======== Dataset content

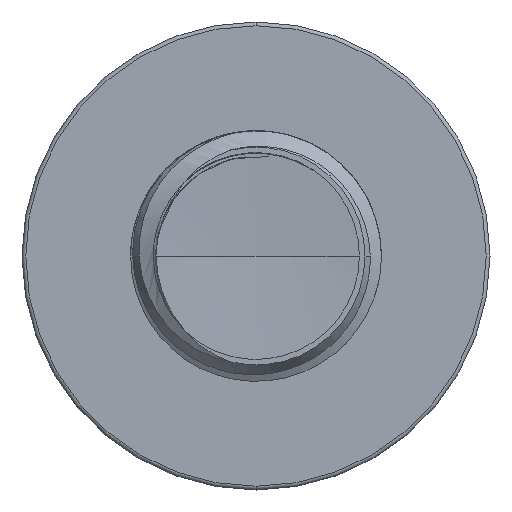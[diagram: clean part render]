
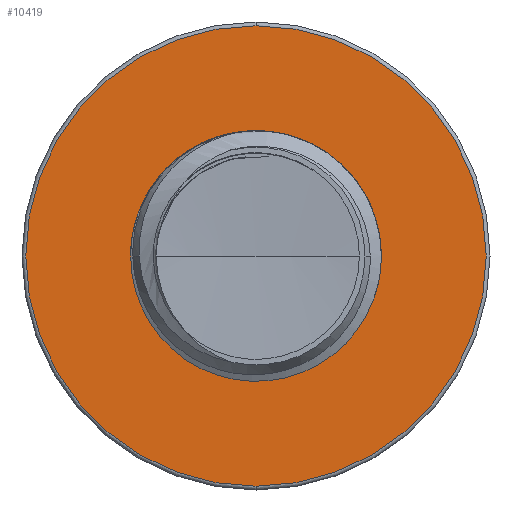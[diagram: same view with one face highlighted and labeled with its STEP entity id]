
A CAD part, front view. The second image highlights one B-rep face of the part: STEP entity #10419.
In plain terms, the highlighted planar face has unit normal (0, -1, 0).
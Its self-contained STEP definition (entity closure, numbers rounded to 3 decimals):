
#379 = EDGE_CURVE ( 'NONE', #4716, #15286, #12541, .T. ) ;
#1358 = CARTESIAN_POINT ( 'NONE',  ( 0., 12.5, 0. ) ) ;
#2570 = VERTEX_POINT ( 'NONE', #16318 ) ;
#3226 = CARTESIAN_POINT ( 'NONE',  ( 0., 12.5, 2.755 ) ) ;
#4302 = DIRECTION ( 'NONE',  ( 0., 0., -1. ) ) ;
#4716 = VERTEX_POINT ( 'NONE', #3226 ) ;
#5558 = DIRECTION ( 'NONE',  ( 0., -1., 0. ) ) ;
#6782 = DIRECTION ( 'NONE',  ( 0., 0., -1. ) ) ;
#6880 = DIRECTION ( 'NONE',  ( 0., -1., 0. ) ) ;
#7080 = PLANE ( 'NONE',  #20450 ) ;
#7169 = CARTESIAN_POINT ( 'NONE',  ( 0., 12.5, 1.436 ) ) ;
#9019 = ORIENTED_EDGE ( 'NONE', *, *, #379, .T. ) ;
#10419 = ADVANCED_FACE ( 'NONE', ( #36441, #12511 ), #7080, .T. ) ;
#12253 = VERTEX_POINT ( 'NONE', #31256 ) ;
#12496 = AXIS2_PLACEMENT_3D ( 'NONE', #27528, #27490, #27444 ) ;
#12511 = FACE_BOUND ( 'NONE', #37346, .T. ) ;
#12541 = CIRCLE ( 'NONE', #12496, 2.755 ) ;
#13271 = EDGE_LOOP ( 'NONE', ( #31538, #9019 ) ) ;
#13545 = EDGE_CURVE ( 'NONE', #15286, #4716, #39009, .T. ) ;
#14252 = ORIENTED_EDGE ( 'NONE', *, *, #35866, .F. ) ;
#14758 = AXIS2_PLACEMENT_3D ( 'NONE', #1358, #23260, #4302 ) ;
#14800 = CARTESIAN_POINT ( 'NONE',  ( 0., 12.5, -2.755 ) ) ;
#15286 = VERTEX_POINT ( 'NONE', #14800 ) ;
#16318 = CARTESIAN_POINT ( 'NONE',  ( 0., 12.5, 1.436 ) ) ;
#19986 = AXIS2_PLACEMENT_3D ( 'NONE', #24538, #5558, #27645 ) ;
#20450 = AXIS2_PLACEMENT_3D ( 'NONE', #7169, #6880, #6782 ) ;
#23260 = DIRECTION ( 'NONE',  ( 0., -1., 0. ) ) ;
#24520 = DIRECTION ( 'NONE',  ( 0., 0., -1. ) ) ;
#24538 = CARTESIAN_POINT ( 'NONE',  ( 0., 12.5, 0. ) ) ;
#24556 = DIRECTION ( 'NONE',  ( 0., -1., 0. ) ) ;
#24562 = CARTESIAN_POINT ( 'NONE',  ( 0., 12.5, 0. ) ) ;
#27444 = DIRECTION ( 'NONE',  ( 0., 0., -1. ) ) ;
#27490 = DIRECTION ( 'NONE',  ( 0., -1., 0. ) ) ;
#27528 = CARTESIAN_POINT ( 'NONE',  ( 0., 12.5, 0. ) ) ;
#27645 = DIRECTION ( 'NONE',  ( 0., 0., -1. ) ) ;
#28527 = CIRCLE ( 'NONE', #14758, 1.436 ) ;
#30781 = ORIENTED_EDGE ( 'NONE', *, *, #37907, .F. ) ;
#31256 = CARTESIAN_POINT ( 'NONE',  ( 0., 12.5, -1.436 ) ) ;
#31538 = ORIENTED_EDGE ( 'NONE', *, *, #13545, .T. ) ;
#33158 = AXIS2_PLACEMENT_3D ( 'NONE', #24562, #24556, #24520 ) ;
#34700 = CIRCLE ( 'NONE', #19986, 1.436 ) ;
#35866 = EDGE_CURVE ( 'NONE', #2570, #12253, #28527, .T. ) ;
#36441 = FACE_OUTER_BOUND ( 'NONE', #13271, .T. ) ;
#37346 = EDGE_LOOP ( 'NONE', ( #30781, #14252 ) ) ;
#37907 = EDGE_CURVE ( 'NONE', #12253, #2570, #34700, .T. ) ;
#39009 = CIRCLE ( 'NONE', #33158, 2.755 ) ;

================
======== Dataset content

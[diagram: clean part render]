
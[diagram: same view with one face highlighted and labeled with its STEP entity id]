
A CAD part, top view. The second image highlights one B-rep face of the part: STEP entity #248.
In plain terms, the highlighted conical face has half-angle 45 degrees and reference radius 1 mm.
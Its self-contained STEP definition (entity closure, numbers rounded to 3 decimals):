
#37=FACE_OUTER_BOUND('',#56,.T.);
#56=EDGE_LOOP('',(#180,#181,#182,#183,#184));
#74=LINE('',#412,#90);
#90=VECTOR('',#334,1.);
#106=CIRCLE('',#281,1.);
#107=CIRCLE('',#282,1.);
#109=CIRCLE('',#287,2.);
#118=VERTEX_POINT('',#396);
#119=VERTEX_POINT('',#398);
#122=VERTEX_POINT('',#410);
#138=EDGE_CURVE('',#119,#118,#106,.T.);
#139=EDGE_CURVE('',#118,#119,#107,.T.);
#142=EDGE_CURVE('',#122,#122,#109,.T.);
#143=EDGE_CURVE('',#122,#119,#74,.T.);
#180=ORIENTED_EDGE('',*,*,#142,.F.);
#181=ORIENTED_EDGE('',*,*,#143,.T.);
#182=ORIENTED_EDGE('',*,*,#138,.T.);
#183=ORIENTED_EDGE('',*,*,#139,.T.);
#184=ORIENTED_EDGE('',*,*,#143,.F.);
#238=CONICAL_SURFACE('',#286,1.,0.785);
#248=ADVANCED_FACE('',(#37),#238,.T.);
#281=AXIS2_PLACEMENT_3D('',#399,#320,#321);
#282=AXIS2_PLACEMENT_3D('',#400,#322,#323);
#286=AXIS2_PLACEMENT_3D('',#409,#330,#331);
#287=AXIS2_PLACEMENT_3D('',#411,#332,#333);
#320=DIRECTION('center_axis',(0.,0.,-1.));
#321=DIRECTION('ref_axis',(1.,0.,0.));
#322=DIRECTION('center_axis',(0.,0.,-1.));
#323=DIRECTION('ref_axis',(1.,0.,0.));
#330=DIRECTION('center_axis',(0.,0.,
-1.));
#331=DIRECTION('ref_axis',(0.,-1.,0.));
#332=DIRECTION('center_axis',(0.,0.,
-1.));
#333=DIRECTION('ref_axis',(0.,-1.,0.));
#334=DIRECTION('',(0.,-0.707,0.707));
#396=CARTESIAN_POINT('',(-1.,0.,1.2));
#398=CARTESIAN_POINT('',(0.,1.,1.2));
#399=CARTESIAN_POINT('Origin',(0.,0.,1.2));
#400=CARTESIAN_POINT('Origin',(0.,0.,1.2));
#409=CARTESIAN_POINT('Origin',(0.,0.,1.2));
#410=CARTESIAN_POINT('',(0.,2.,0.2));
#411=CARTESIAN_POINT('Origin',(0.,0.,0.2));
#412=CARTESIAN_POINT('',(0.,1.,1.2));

================

§ **Goal of the exercise**: Among the records above, a stretch begins at the line containing "#24520 = DIRECTION" and ends at the line containing "#35866 = EDGE_CURVE". Restate that stretch word for word, and nothing else.

§ **Expected answer**:
#24520 = DIRECTION ( 'NONE',  ( 0., 0., -1. ) ) ;
#24538 = CARTESIAN_POINT ( 'NONE',  ( 0., 12.5, 0. ) ) ;
#24556 = DIRECTION ( 'NONE',  ( 0., -1., 0. ) ) ;
#24562 = CARTESIAN_POINT ( 'NONE',  ( 0., 12.5, 0. ) ) ;
#27444 = DIRECTION ( 'NONE',  ( 0., 0., -1. ) ) ;
#27490 = DIRECTION ( 'NONE',  ( 0., -1., 0. ) ) ;
#27528 = CARTESIAN_POINT ( 'NONE',  ( 0., 12.5, 0. ) ) ;
#27645 = DIRECTION ( 'NONE',  ( 0., 0., -1. ) ) ;
#28527 = CIRCLE ( 'NONE', #14758, 1.436 ) ;
#30781 = ORIENTED_EDGE ( 'NONE', *, *, #37907, .F. ) ;
#31256 = CARTESIAN_POINT ( 'NONE',  ( 0., 12.5, -1.436 ) ) ;
#31538 = ORIENTED_EDGE ( 'NONE', *, *, #13545, .T. ) ;
#33158 = AXIS2_PLACEMENT_3D ( 'NONE', #24562, #24556, #24520 ) ;
#34700 = CIRCLE ( 'NONE', #19986, 1.436 ) ;
#35866 = EDGE_CURVE ( 'NONE', #2570, #12253, #28527, .T. ) ;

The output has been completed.